Id. § 263.405(b), (i).
	In this case, the final order terminating appellant's parental rights was signed
on May 8, 2006, and the notice of appeal was timely filed.  However, the clerk's
record contains no statement of points to be raised on appeal.  We have contacted the
district clerk's office, and no such statement, either standing alone or with a motion
for new trial, was found in the district clerk's record.  Under the express terms of the
statute, because appellant did not file a statement of points, we cannot consider her
issues on appeal, even ineffective assistance of counsel.  See id. § 263.405(i); In re
D.A.R., 201 S.W.3d 229, 230-31 (Tex. App.-Fort Worth 2006, no pet.); see also In
re J.H., No. 12-06-00002-CV, 2007 Tex. App. LEXIS 407, at *2 (Tex. App.-Tyler,
Jan. 24, 2007, no pet.) (mem. op., designated for publication); Cisneros v. Tex.

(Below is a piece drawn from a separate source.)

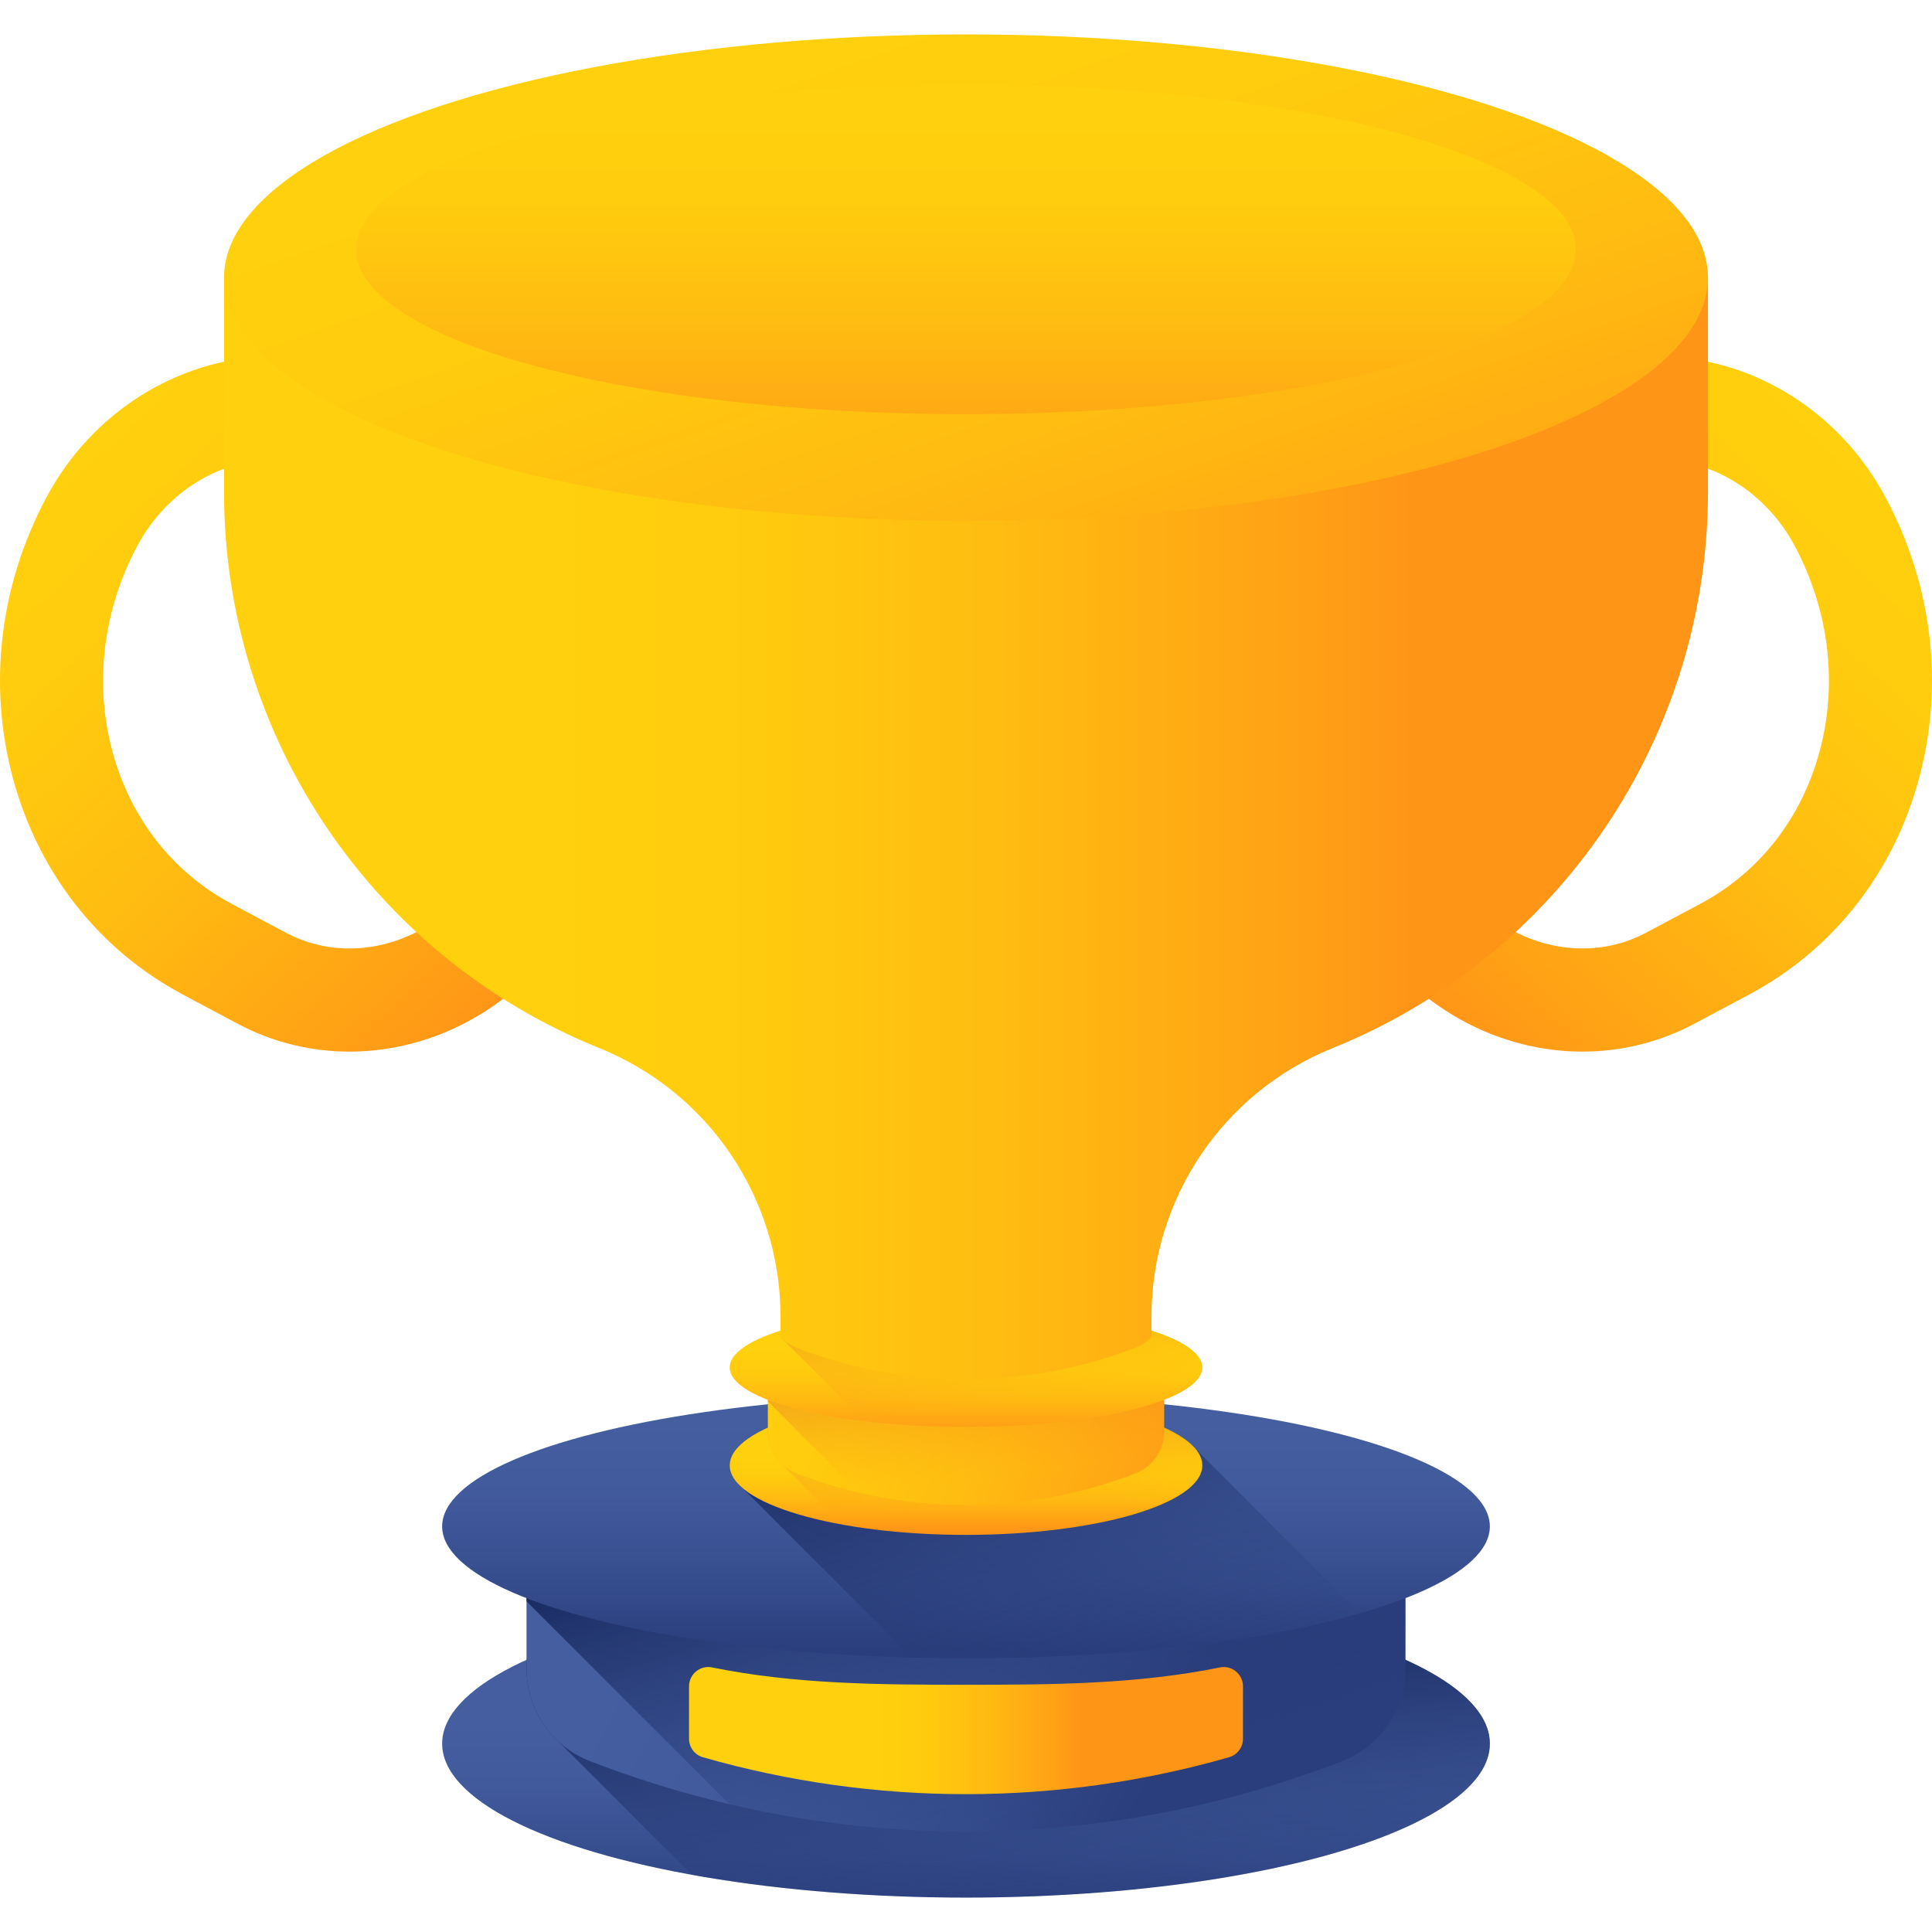 <svg xmlns="http://www.w3.org/2000/svg" xmlns:xlink="http://www.w3.org/1999/xlink" id="Capa_1" x="0px" y="0px" viewBox="0 0 510 510" style="enable-background:new 0 0 510 510;" xml:space="preserve"><g>	<g>		<g>			<linearGradient id="SVGID_1_" gradientUnits="userSpaceOnUse" x1="255" y1="455.143" x2="255" y2="505.744">				<stop offset="0" style="stop-color:#445EA0"></stop>				<stop offset="0.322" style="stop-color:#415A9B"></stop>				<stop offset="0.693" style="stop-color:#364D8D"></stop>				<stop offset="1" style="stop-color:#2A3D7C"></stop>			</linearGradient>			<ellipse style="fill:url(#SVGID_1_);" cx="255" cy="460.271" rx="138.283" ry="40.645"></ellipse>			<linearGradient id="SVGID_2_" gradientUnits="userSpaceOnUse" x1="272.011" y1="513.495" x2="264.939" y2="437.882">				<stop offset="0" style="stop-color:#2A3D7C;stop-opacity:0"></stop>				<stop offset="0.395" style="stop-color:#273A77;stop-opacity:0.395"></stop>				<stop offset="0.85" style="stop-color:#1E3069;stop-opacity:0.85"></stop>				<stop offset="1" style="stop-color:#1A2B63"></stop>			</linearGradient>			<path style="fill:url(#SVGID_2_);" d="M393.283,460.271c0-22.447-61.912-40.645-138.283-40.645    c-48.607,0-91.351,7.373-116.01,18.52v2.296c0,7.389,3.102,14.256,8.279,19.119l35.346,35.346    c21.056,3.81,45.845,6.009,72.385,6.009C331.372,500.916,393.283,482.719,393.283,460.271z"></path>			<linearGradient id="SVGID_3_" gradientUnits="userSpaceOnUse" x1="188.409" y1="390.825" x2="311.891" y2="456.646">				<stop offset="0" style="stop-color:#445EA0"></stop>				<stop offset="0.322" style="stop-color:#415A9B"></stop>				<stop offset="0.693" style="stop-color:#364D8D"></stop>				<stop offset="1" style="stop-color:#2A3D7C"></stop>			</linearGradient>			<path style="fill:url(#SVGID_3_);" d="M354.258,464.899L354.258,464.899C290.4,489.648,219.6,489.648,155.742,464.9l-0.001-0.001    c-10.097-3.913-16.751-13.629-16.751-24.457v-43.985H371.01v43.985C371.01,451.271,364.355,460.987,354.258,464.899z"></path>			<linearGradient id="SVGID_4_" gradientUnits="userSpaceOnUse" x1="277.216" y1="479.522" x2="247.841" y2="387.046">				<stop offset="0" style="stop-color:#2A3D7C;stop-opacity:0"></stop>				<stop offset="0.395" style="stop-color:#273A77;stop-opacity:0.395"></stop>				<stop offset="0.85" style="stop-color:#1E3069;stop-opacity:0.85"></stop>				<stop offset="1" style="stop-color:#1A2B63"></stop>			</linearGradient>			<path style="fill:url(#SVGID_4_);" d="M138.99,422.71l53.554,53.553c53.531,12.499,109.907,8.713,161.714-11.364v-0.001    c10.097-3.913,16.752-13.629,16.752-24.457v-43.985H138.99V422.71z"></path>			<linearGradient id="SVGID_5_" gradientUnits="userSpaceOnUse" x1="255" y1="375.723" x2="255" y2="436.143">				<stop offset="0" style="stop-color:#445EA0"></stop>				<stop offset="0.322" style="stop-color:#415A9B"></stop>				<stop offset="0.693" style="stop-color:#364D8D"></stop>				<stop offset="1" style="stop-color:#2A3D7C"></stop>			</linearGradient>			<ellipse style="fill:url(#SVGID_5_);" cx="255" cy="402.927" rx="138.283" ry="34.82"></ellipse>		</g>		<linearGradient id="SVGID_6_" gradientUnits="userSpaceOnUse" x1="231.442" y1="456.835" x2="285.289" y2="456.835">			<stop offset="0" style="stop-color:#FFD00D"></stop>			<stop offset="0.238" style="stop-color:#FFCB0E"></stop>			<stop offset="0.535" style="stop-color:#FFBB11"></stop>			<stop offset="0.863" style="stop-color:#FFA215"></stop>			<stop offset="1" style="stop-color:#FF9517"></stop>		</linearGradient>		<path style="fill:url(#SVGID_6_);" d="M185.548,463.868c45.384,12.995,93.519,12.995,138.904,0   c2.176-0.623,3.662-2.633,3.662-4.896v-13.809c0-3.209-2.933-5.645-6.077-5.005c-21.934,4.466-44.485,4.578-67.037,4.578   c-22.552,0-45.103-0.112-67.037-4.578c-3.144-0.64-6.077,1.796-6.077,5.005v13.808   C181.886,461.235,183.373,463.245,185.548,463.868z"></path>	</g>	<linearGradient id="SVGID_7_" gradientUnits="userSpaceOnUse" x1="291.91" y1="455.269" x2="260.36" y2="360.255">		<stop offset="0" style="stop-color:#2A3D7C;stop-opacity:0"></stop>		<stop offset="0.395" style="stop-color:#273A77;stop-opacity:0.395"></stop>		<stop offset="0.85" style="stop-color:#1E3069;stop-opacity:0.85"></stop>		<stop offset="1" style="stop-color:#1A2B63"></stop>	</linearGradient>	<path style="fill:url(#SVGID_7_);" d="M255,368.107c-18.52,0-36.184,0.919-52.327,2.582v6.176  c-6.346,2.871-10.047,6.294-10.047,9.972c0,2.021,1.129,3.963,3.184,5.781l44.945,44.945h0.001  c4.683,0.121,9.435,0.183,14.244,0.183c1.252,0,2.5-0.005,3.744-0.013c0.367-0.002,0.733-0.007,1.099-0.01  c0.871-0.008,1.741-0.016,2.608-0.027c0.461-0.006,0.919-0.015,1.379-0.022c0.768-0.012,1.536-0.025,2.301-0.04  c0.494-0.01,0.986-0.022,1.478-0.033c0.731-0.017,1.461-0.034,2.188-0.053c0.501-0.013,1-0.028,1.5-0.043  c0.717-0.021,1.433-0.043,2.147-0.067c0.497-0.017,0.993-0.034,1.489-0.052c0.711-0.026,1.421-0.053,2.129-0.082  c0.492-0.02,0.983-0.04,1.473-0.061c0.718-0.031,1.433-0.064,2.147-0.098c0.468-0.022,0.935-0.044,1.401-0.068  c0.74-0.037,1.477-0.076,2.213-0.116c0.436-0.024,0.873-0.047,1.307-0.072c0.784-0.045,1.563-0.092,2.341-0.14  c0.379-0.023,0.76-0.046,1.138-0.07c0.862-0.055,1.719-0.113,2.574-0.172c0.294-0.02,0.589-0.039,0.883-0.06  c1.135-0.081,2.265-0.164,3.387-0.252c0.004,0,0.009-0.001,0.013-0.001c2.331-0.182,4.636-0.379,6.913-0.59  c0.136-0.013,0.27-0.026,0.406-0.039c0.975-0.091,1.946-0.185,2.911-0.282c0.242-0.024,0.482-0.05,0.724-0.074  c0.858-0.087,1.713-0.176,2.562-0.268c0.281-0.03,0.559-0.062,0.839-0.092c0.812-0.089,1.621-0.18,2.424-0.273  c0.281-0.033,0.562-0.066,0.842-0.099c0.8-0.094,1.597-0.19,2.388-0.288c0.274-0.034,0.546-0.068,0.819-0.102  c0.8-0.101,1.595-0.203,2.386-0.308c0.254-0.034,0.508-0.067,0.76-0.101c0.813-0.109,1.62-0.22,2.422-0.333  c0.224-0.031,0.448-0.063,0.67-0.094c0.852-0.121,1.697-0.245,2.537-0.371c0.164-0.025,0.33-0.049,0.494-0.073  c0.939-0.142,1.871-0.287,2.795-0.434c0.06-0.01,0.121-0.019,0.181-0.029c5.073-0.811,9.921-1.703,14.517-2.668  c0.023-0.005,0.045-0.01,0.068-0.014c0.88-0.185,1.751-0.373,2.612-0.564c0.074-0.016,0.147-0.033,0.221-0.049  c0.811-0.18,1.614-0.362,2.407-0.547c0.097-0.022,0.193-0.045,0.29-0.068c0.771-0.18,1.533-0.363,2.287-0.548  c0.104-0.025,0.207-0.051,0.311-0.077c0.755-0.186,1.501-0.374,2.239-0.565c0.086-0.022,0.174-0.045,0.26-0.067  c0.759-0.197,1.508-0.396,2.249-0.597c0.061-0.017,0.122-0.033,0.183-0.05c0.787-0.215,1.565-0.432,2.331-0.652  c0.005-0.002,0.011-0.003,0.017-0.005l-42.227-42.227c-0.375-0.438-0.814-0.869-1.294-1.294c-1.693-1.977-4.479-3.827-8.157-5.49  v-6.171C291.184,369.026,273.52,368.107,255,368.107z"></path>	<g>					<linearGradient id="SVGID_8_" gradientUnits="userSpaceOnUse" x1="830.999" y1="1546.7" x2="773.331" y2="1373.034" gradientTransform="matrix(0.47 -0.882 -0.882 -0.47 983.263 1589.889)">			<stop offset="0" style="stop-color:#FFD00D"></stop>			<stop offset="0.238" style="stop-color:#FFCB0E"></stop>			<stop offset="0.535" style="stop-color:#FFBB11"></stop>			<stop offset="0.863" style="stop-color:#FFA215"></stop>			<stop offset="1" style="stop-color:#FF9517"></stop>		</linearGradient>		<path style="fill:url(#SVGID_8_);" d="M92.266,277.598c-10.161,0-20.292-2.424-29.573-7.373l-14.407-7.682   c-22.196-11.833-38.13-32.107-44.87-57.084c-6.654-24.66-3.52-50.991,8.824-74.143c11.889-22.299,34.37-36.568,58.671-37.24   l0.752,27.188c-14.55,0.402-28.123,9.157-35.422,22.848c-9.08,17.03-11.411,36.3-6.565,54.262   c4.761,17.643,15.914,31.908,31.407,40.168l14.407,7.682c13.42,7.156,30.168,4.932,42.667-5.665l17.59,20.745   C123.07,272.052,107.633,277.598,92.266,277.598z"></path>					<linearGradient id="SVGID_9_" gradientUnits="userSpaceOnUse" x1="1168.705" y1="913.348" x2="1111.037" y2="739.681" gradientTransform="matrix(-0.47 -0.882 0.882 -0.47 244.498 1589.889)">			<stop offset="0" style="stop-color:#FFD00D"></stop>			<stop offset="0.238" style="stop-color:#FFCB0E"></stop>			<stop offset="0.535" style="stop-color:#FFBB11"></stop>			<stop offset="0.863" style="stop-color:#FFA215"></stop>			<stop offset="1" style="stop-color:#FF9517"></stop>		</linearGradient>		<path style="fill:url(#SVGID_9_);" d="M417.734,277.598c10.161,0,20.292-2.424,29.573-7.373l14.407-7.682   c22.196-11.833,38.13-32.107,44.87-57.084c6.654-24.66,3.52-50.991-8.824-74.143c-11.889-22.299-34.37-36.568-58.671-37.24   l-0.752,27.188c14.55,0.402,28.123,9.157,35.422,22.848c9.08,17.03,11.411,36.3,6.565,54.262   c-4.761,17.643-15.914,31.908-31.407,40.168l-14.407,7.682c-13.42,7.156-30.168,4.932-42.667-5.665l-17.59,20.745   C386.93,272.052,402.366,277.598,417.734,277.598z"></path>	</g>	<g>		<g>			<linearGradient id="SVGID_10_" gradientUnits="userSpaceOnUse" x1="255" y1="385.514" x2="255" y2="404.013">				<stop offset="0" style="stop-color:#FFD00D"></stop>				<stop offset="0.238" style="stop-color:#FFCB0E"></stop>				<stop offset="0.535" style="stop-color:#FFBB11"></stop>				<stop offset="0.863" style="stop-color:#FFA215"></stop>				<stop offset="1" style="stop-color:#FF9517"></stop>			</linearGradient>			<ellipse style="fill:url(#SVGID_10_);" cx="255" cy="386.837" rx="62.374" ry="18.333"></ellipse>			<linearGradient id="SVGID_11_" gradientUnits="userSpaceOnUse" x1="261.226" y1="398.451" x2="257.237" y2="345.504">				<stop offset="0" style="stop-color:#FF9517;stop-opacity:0"></stop>				<stop offset="0.307" style="stop-color:#EE8421;stop-opacity:0.307"></stop>				<stop offset="0.678" style="stop-color:#E07728;stop-opacity:0.678"></stop>				<stop offset="1" style="stop-color:#DB722B"></stop>			</linearGradient>			<path style="fill:url(#SVGID_11_);" d="M317.374,386.837c0-10.125-27.926-18.333-62.374-18.333    c-21.925,0-41.204,3.326-52.327,8.353v1.036c0,3.333,1.399,6.43,3.734,8.624l15.943,15.943c9.497,1.718,20.679,2.71,32.65,2.71    C289.448,405.171,317.374,396.962,317.374,386.837z"></path>			<linearGradient id="SVGID_12_" gradientUnits="userSpaceOnUse" x1="197.538" y1="349.825" x2="320.476" y2="397.332">				<stop offset="0" style="stop-color:#FFD00D"></stop>				<stop offset="0.238" style="stop-color:#FFCB0E"></stop>				<stop offset="0.535" style="stop-color:#FFBB11"></stop>				<stop offset="0.863" style="stop-color:#FFA215"></stop>				<stop offset="1" style="stop-color:#FF9517"></stop>			</linearGradient>			<path style="fill:url(#SVGID_12_);" d="M299.771,388.925L299.771,388.925c-28.803,11.163-60.738,11.163-89.541,0l0,0    c-4.554-1.765-7.556-6.147-7.556-11.032v-19.84h104.654v19.84C307.327,382.778,304.325,387.16,299.771,388.925z"></path>			<linearGradient id="SVGID_13_" gradientUnits="userSpaceOnUse" x1="257.745" y1="389.484" x2="251.58" y2="332.185">				<stop offset="0" style="stop-color:#FF9517;stop-opacity:0"></stop>				<stop offset="0.307" style="stop-color:#EE8421;stop-opacity:0.307"></stop>				<stop offset="0.678" style="stop-color:#E07728;stop-opacity:0.678"></stop>				<stop offset="1" style="stop-color:#DB722B"></stop>			</linearGradient>			<path style="fill:url(#SVGID_13_);" d="M202.673,369.895l24.156,24.156c24.146,5.638,49.574,3.93,72.942-5.126v0    c4.554-1.765,7.556-6.147,7.556-11.032v-19.84H202.673V369.895z"></path>			<linearGradient id="SVGID_14_" gradientUnits="userSpaceOnUse" x1="255" y1="356.502" x2="255" y2="379.49">				<stop offset="0" style="stop-color:#FFD00D"></stop>				<stop offset="0.238" style="stop-color:#FFCB0E"></stop>				<stop offset="0.535" style="stop-color:#FFBB11"></stop>				<stop offset="0.863" style="stop-color:#FFA215"></stop>				<stop offset="1" style="stop-color:#FF9517"></stop>			</linearGradient>			<ellipse style="fill:url(#SVGID_14_);" cx="255" cy="360.972" rx="62.374" ry="15.706"></ellipse>		</g>		<linearGradient id="SVGID_15_" gradientUnits="userSpaceOnUse" x1="263.347" y1="370.231" x2="255.731" y2="308.218">			<stop offset="0" style="stop-color:#FF9517;stop-opacity:0"></stop>			<stop offset="0.307" style="stop-color:#EE8421;stop-opacity:0.307"></stop>			<stop offset="0.678" style="stop-color:#E07728;stop-opacity:0.678"></stop>			<stop offset="1" style="stop-color:#DB722B"></stop>		</linearGradient>		<path style="fill:url(#SVGID_15_);" d="M255,345.266c-19.864,0-37.546,2.341-48.969,5.984v1.713l22.197,22.196   c8.113,0.972,17.188,1.518,26.772,1.518c34.448,0,62.374-7.032,62.374-15.706C317.374,352.298,289.448,345.266,255,345.266z"></path>		<linearGradient id="SVGID_16_" gradientUnits="userSpaceOnUse" x1="146.205" y1="218.696" x2="372.357" y2="218.696">			<stop offset="0" style="stop-color:#FFD00D"></stop>			<stop offset="0.238" style="stop-color:#FFCB0E"></stop>			<stop offset="0.535" style="stop-color:#FFBB11"></stop>			<stop offset="0.863" style="stop-color:#FFA215"></stop>			<stop offset="1" style="stop-color:#FF9517"></stop>		</linearGradient>		<path style="fill:url(#SVGID_16_);" d="M450.863,73.273v56.573c0,32.29-9.802,62.949-27.09,88.57   c-17.287,25.621-42.071,46.183-72.011,58.271c-28.885,11.663-47.793,39.688-47.793,70.836v5.44   c-1.164,1.197-2.578,2.143-4.2,2.774v0.011c-28.798,11.162-60.74,11.162-89.538,0v-0.011c-1.621-0.631-3.035-1.578-4.199-2.774   v-5.44c0-15.579-4.732-30.365-13.066-42.724c-8.334-12.359-20.279-22.281-34.727-28.113   c-59.892-24.163-99.101-82.271-99.101-146.84V73.273H450.863z"></path>		<g>			<linearGradient id="SVGID_17_" gradientUnits="userSpaceOnUse" x1="232.767" y1="8.626" x2="303.484" y2="214.248">				<stop offset="0" style="stop-color:#FFD00D"></stop>				<stop offset="0.238" style="stop-color:#FFCB0E"></stop>				<stop offset="0.535" style="stop-color:#FFBB11"></stop>				<stop offset="0.863" style="stop-color:#FFA215"></stop>				<stop offset="1" style="stop-color:#FF9517"></stop>			</linearGradient>			<ellipse style="fill:url(#SVGID_17_);" cx="255" cy="73.273" rx="195.861" ry="64.189"></ellipse>			<linearGradient id="SVGID_18_" gradientUnits="userSpaceOnUse" x1="255" y1="33.019" x2="255" y2="133.205">				<stop offset="0" style="stop-color:#FFD00D"></stop>				<stop offset="0.238" style="stop-color:#FFCB0E"></stop>				<stop offset="0.535" style="stop-color:#FFBB11"></stop>				<stop offset="0.863" style="stop-color:#FFA215"></stop>				<stop offset="1" style="stop-color:#FF9517"></stop>			</linearGradient>			<ellipse style="fill:url(#SVGID_18_);" cx="255" cy="65.836" rx="160.986" ry="43.497"></ellipse>		</g>	</g></g><g></g><g></g><g></g><g></g><g></g><g></g><g></g><g></g><g></g><g></g><g></g><g></g><g></g><g></g><g></g></svg>

Dep't
of Family & Protective Servs., No. 13-06-321-CV, 2006 Tex. App. LEXIS 11121, at
*3  (Tex. App.-Corpus Christi Dec. 29, 2006, no pet.) (mem. op.) ("where the
statement of points is not sufficiently specific, the issues have not been preserved for
appeal").
	In reaching our holding above, we join the Fort Worth Court of Appeals, Justice
Vance of the Waco Court of Appeals, and the Houston First District Court of Appeals
in questioning the practical applications and constitutional validity of this statute, but
agree that we are barred by the legislature from considering appellant's issues.  See
In re D.A.R., 201 S.W.3d at 230-31 (noting that the legislature has mandated that
indigent parents receive appointed counsel and that the Texas Supreme Court in In re
M.S., 115 S.W.3d 534, 544 (Tex. 2003), has held that this "statutory right to counsel
in parental-rights termination cases embodies the right to effective counsel"; further
noting "that, unlike their counterparts in criminal cases, for whom the legislature has
specifically provided an avenue of adequate relief through a writ of habeas corpus if
trial counsel was ineffective but did not preserve the issue for appeal, parents in these
cases who allege ineffective assistance of counsel apparently have no recourse other
than direct appeal by which to overturn the trial court's judgment severing forever the
ties with their children"); In re E.A.R., 201 S.W.3d 813, 816 (Tex. App.-Waco 2006,
no pet.) (Vance, J., concurring) ("I thus question whether subsection 263.405(i), as
applied to certain termination cases-especially those cases involving indigent parents
whose appointed appellate counsel is not the same as appointed trial counsel-passes
constitutional muster because it can operate to deprive appellate review of any issues
under its accelerated timetable."); see also Pool v. Tex. Dep't of Family & Protective
Servs., No. 01-05-01093-CV, 2007 Tex. App. LEXIS 1576, at *7 n.11 (Tex.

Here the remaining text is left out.